The actual problem was further upstream. Both tenants used a custom plugin that rewrote image_link values through a short-lived signed-URL service for transformation. The signing token had a 24-hour TTL. Our feed-sync job ran every two hours, which meant the signed URLs in the feed payload were always fresh — except on the GMC side, which had cached the previous fortnight's URLs and was now hitting them in a batch re-validation pass. The signed URLs were 410-ing because they were old. GMC interpreted that as "image not crawlable", marked the products as policy-violating, and queued them for mass-disapproval.
The fact that both tenants hit the wave at the same time was neither coincidence nor independence — they were both on the same GMC re-validation cycle.
The fix that should have been in place already
We patched the immediate problem in the obvious way: bumped the signing TTL to 14 days, then to permanent for image transforms that don't leak data. Products auto-recovered as the next GMC fetch cycle ran clean.
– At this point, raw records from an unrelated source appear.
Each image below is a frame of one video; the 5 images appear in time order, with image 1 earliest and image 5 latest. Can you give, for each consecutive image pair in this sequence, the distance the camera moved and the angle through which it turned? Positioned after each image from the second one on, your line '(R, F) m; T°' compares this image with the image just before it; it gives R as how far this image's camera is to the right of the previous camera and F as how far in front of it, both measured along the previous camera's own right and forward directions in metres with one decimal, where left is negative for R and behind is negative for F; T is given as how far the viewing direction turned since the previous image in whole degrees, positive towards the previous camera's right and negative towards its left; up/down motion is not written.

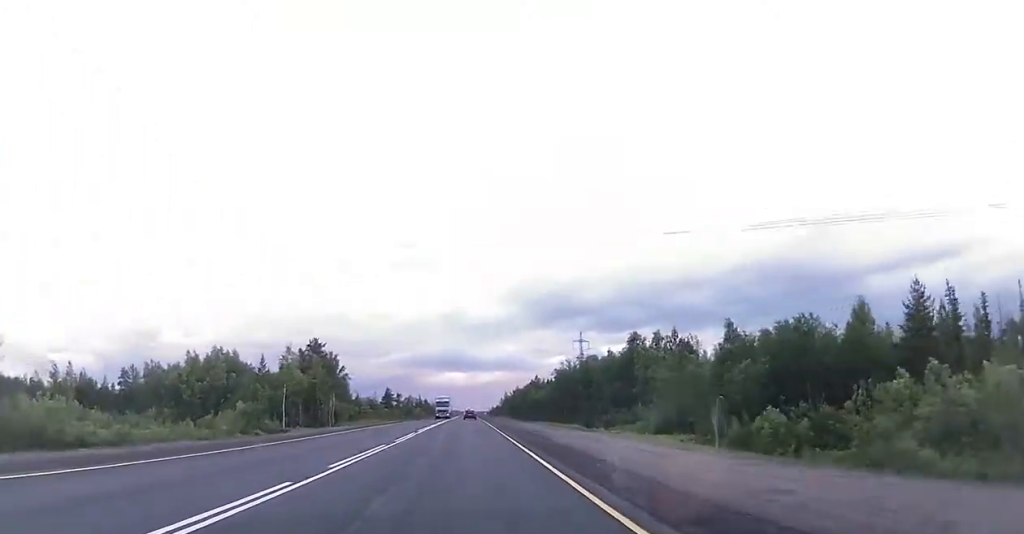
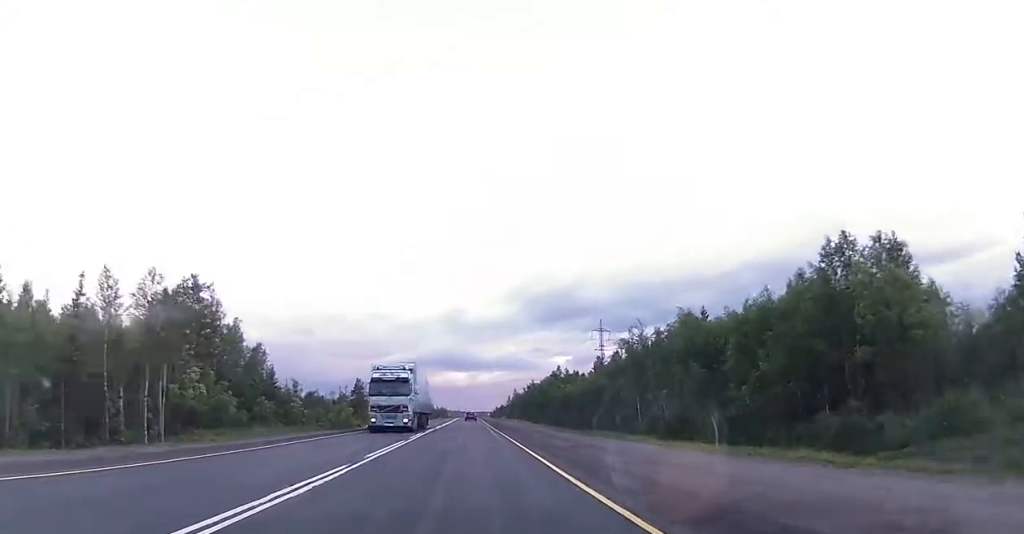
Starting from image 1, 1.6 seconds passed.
(+0.2, +44.4) m; 0°
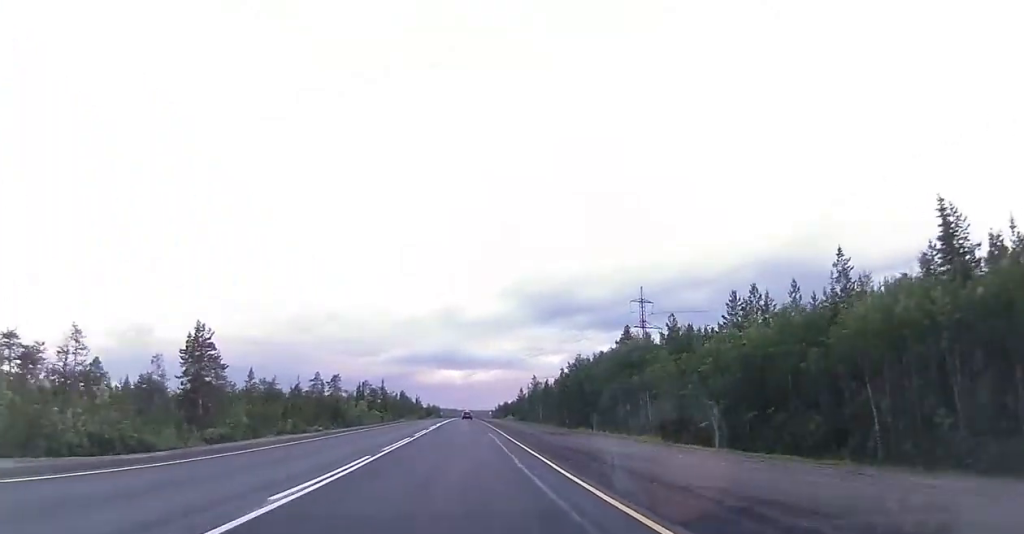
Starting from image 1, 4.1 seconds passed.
(+0.3, +69.5) m; 0°
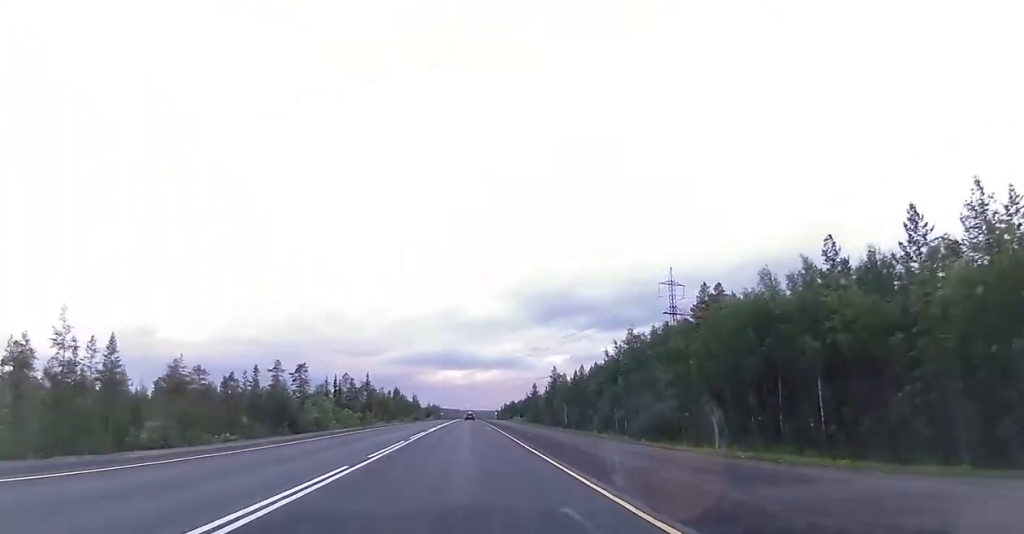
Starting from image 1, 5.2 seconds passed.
(-0.2, +28.1) m; 0°
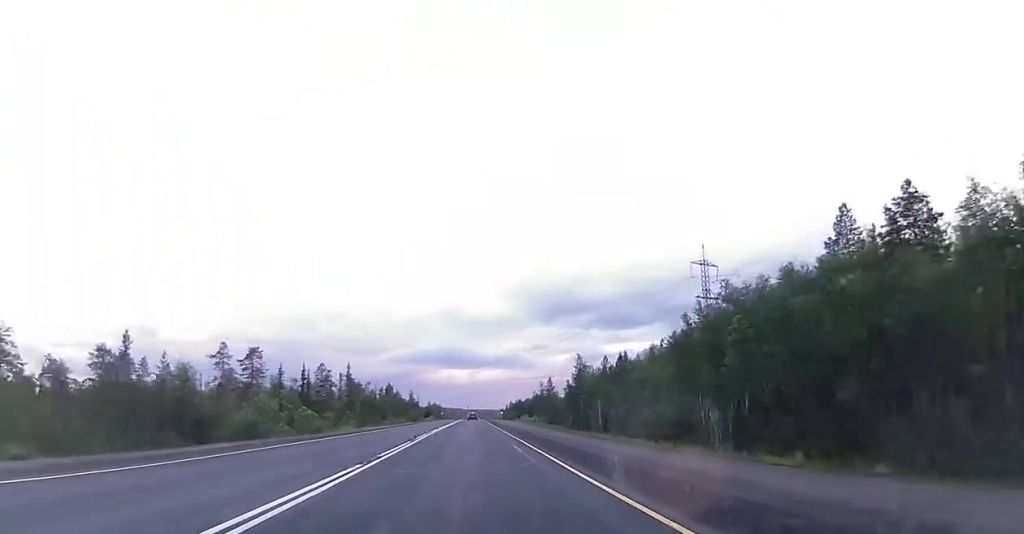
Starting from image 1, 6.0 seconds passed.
(0.0, +23.5) m; 0°

The structural fix took longer and was the actual learning. We added two boring pieces of monitoring that we should have shipped two years earlier:
- Image-link fetch monitor. We now run a sampled-fetch check against ~5% of every tenant's
image_linkURLs every 30 minutes, from outside our own infrastructure. Any 4xx/5xx fires a Slack alert before GMC sees it. - Disapproval-rate anomaly detection. The page at 3am was set up after the fact: a rolling 6-hour rate of disapprovals per tenant, with a 4-sigma deviation alert. The first tenant to wave-disapprove now pages us in seconds, not in the morning.
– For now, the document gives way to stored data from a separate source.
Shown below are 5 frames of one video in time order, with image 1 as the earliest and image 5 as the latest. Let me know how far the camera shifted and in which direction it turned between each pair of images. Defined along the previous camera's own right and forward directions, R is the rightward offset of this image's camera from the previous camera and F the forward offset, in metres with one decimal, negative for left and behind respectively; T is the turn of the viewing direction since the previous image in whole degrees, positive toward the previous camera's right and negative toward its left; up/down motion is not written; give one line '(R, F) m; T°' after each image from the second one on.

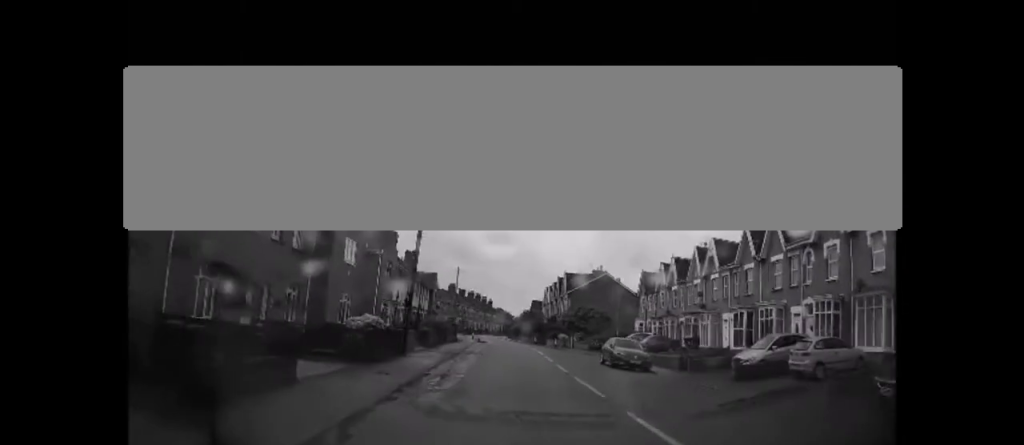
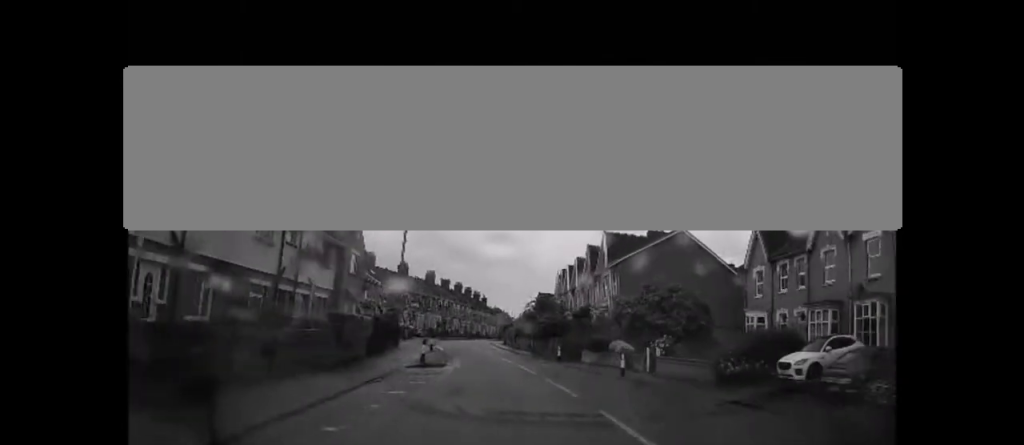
(+0.6, +30.2) m; 0°
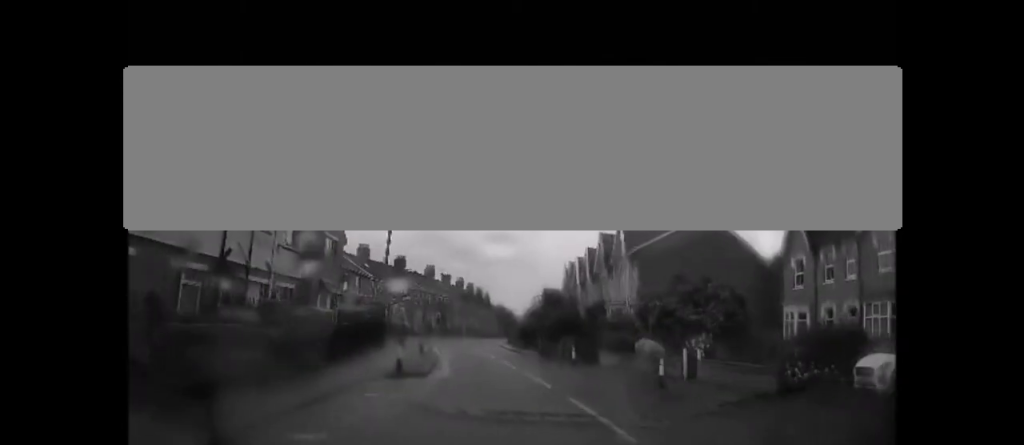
(0.0, +4.7) m; -2°
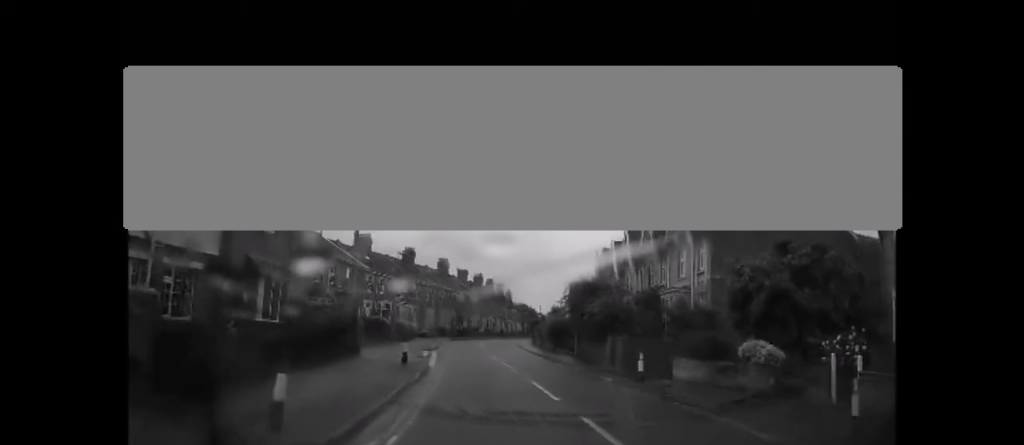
(-0.2, +8.5) m; -1°
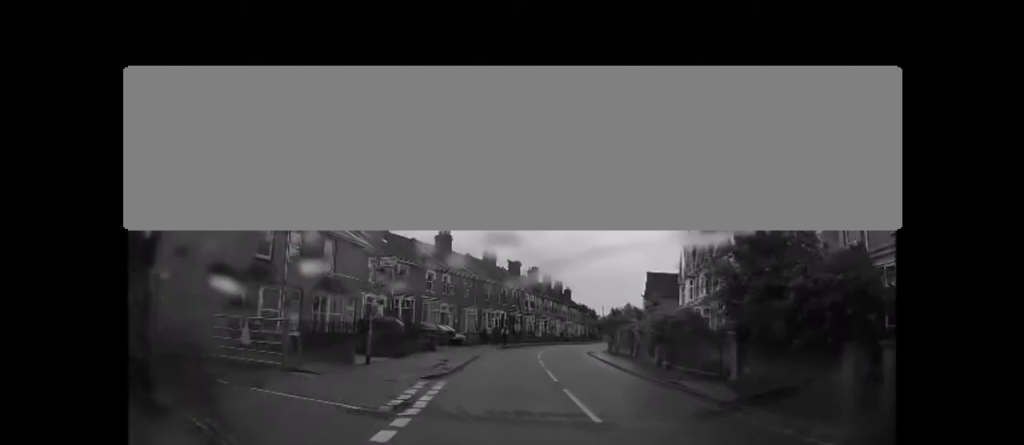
(-0.5, +14.6) m; -6°

Why this is the right shape of fix
The temptation after an incident is always to go big — replatform the imaging service, write a custom GMC client, build a feed health score. We've seen agencies do all three after similar incidents. None of them help.
The boring fix is the right fix. Most production incidents don't need new architecture; they need two bits of monitoring you skipped because you couldn't see the value until they would have caught the thing. Build the monitoring as you build the system, not after the postmortem.
What we'd do differently
Two things, in order of impact. First, never let a third-party channel be the canary for something you can monitor yourself. GMC told us 312 items were broken; our own infrastructure should have told us that 30 minutes earlier. Second, signed URLs don't belong in feeds at all. The mental model of "this URL is temporarily valid" doesn't survive contact with caching channels. Rewrite the image-link strategy so any URL we put in a feed is permanently valid for at least the lifetime of the SKU.
Both of those changes have shipped on FeedPulse since. The 312-feed problem hasn't recurred — but the monitoring would tell us within half an hour if it did.